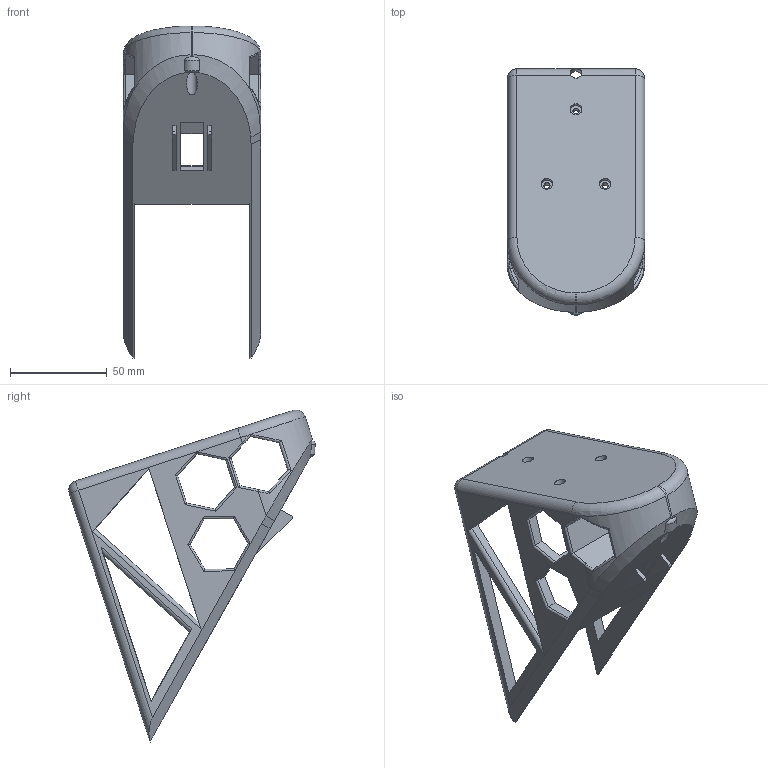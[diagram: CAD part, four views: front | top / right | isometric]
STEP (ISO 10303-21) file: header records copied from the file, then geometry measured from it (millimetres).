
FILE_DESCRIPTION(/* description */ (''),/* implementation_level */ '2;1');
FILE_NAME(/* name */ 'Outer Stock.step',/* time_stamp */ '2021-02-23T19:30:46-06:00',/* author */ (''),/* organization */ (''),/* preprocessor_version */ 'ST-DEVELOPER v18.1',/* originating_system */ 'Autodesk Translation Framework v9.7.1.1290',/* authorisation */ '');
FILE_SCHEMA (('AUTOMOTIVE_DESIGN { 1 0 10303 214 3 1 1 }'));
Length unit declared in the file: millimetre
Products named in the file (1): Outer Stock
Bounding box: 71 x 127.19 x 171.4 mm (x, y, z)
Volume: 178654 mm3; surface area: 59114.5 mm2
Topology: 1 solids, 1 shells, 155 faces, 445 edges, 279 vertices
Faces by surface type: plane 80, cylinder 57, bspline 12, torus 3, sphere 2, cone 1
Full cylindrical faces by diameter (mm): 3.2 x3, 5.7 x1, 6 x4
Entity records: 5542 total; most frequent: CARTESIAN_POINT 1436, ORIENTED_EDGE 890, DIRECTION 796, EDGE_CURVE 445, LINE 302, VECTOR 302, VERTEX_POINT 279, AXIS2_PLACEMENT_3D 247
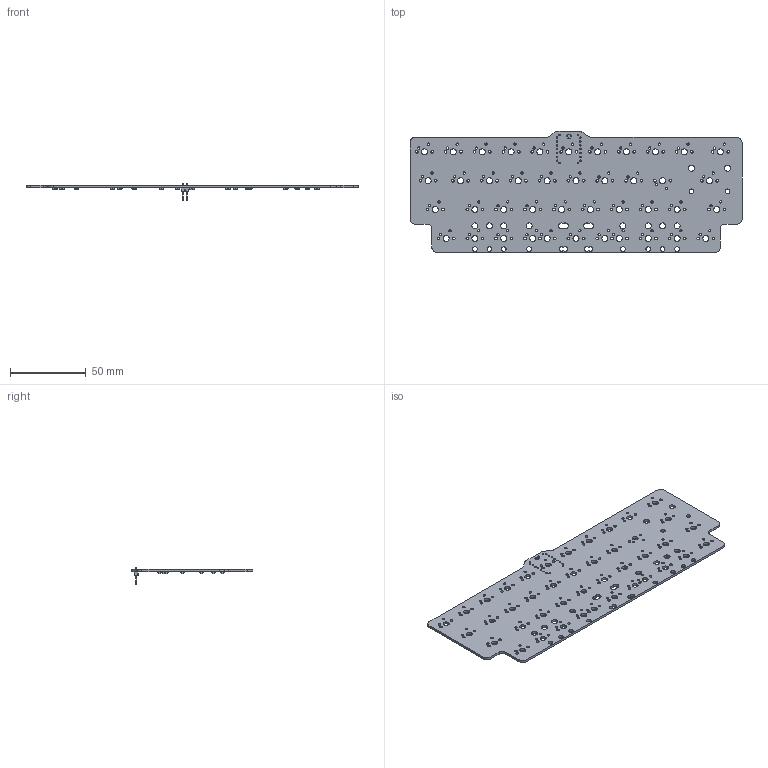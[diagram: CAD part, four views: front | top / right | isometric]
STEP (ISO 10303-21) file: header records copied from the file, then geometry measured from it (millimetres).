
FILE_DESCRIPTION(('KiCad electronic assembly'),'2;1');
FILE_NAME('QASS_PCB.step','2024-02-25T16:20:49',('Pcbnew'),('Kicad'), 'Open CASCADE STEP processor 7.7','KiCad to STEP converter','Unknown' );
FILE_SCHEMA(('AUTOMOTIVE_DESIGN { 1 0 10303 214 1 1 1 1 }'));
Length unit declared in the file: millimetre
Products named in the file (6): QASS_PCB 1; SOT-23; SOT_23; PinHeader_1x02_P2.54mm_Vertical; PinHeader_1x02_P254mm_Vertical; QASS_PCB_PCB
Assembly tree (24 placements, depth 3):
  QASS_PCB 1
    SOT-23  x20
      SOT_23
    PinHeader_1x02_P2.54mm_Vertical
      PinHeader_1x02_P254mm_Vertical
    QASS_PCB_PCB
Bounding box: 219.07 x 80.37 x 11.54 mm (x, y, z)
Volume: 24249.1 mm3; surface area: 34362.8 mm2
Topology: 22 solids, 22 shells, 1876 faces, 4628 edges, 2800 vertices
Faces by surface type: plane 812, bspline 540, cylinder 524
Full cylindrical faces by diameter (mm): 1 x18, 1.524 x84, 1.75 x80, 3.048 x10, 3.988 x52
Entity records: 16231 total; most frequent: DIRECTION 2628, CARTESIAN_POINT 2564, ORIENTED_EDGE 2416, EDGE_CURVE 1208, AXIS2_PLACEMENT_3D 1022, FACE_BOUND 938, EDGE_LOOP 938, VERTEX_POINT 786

**WORK TO COMPLETE**
Show the lines in the entries above that include the string "edges".

**REPLY TO THE EXERCISE**
Topology: 1 solids, 1 shells, 155 faces, 445 edges, 279 vertices
Topology: 22 solids, 22 shells, 1876 faces, 4628 edges, 2800 vertices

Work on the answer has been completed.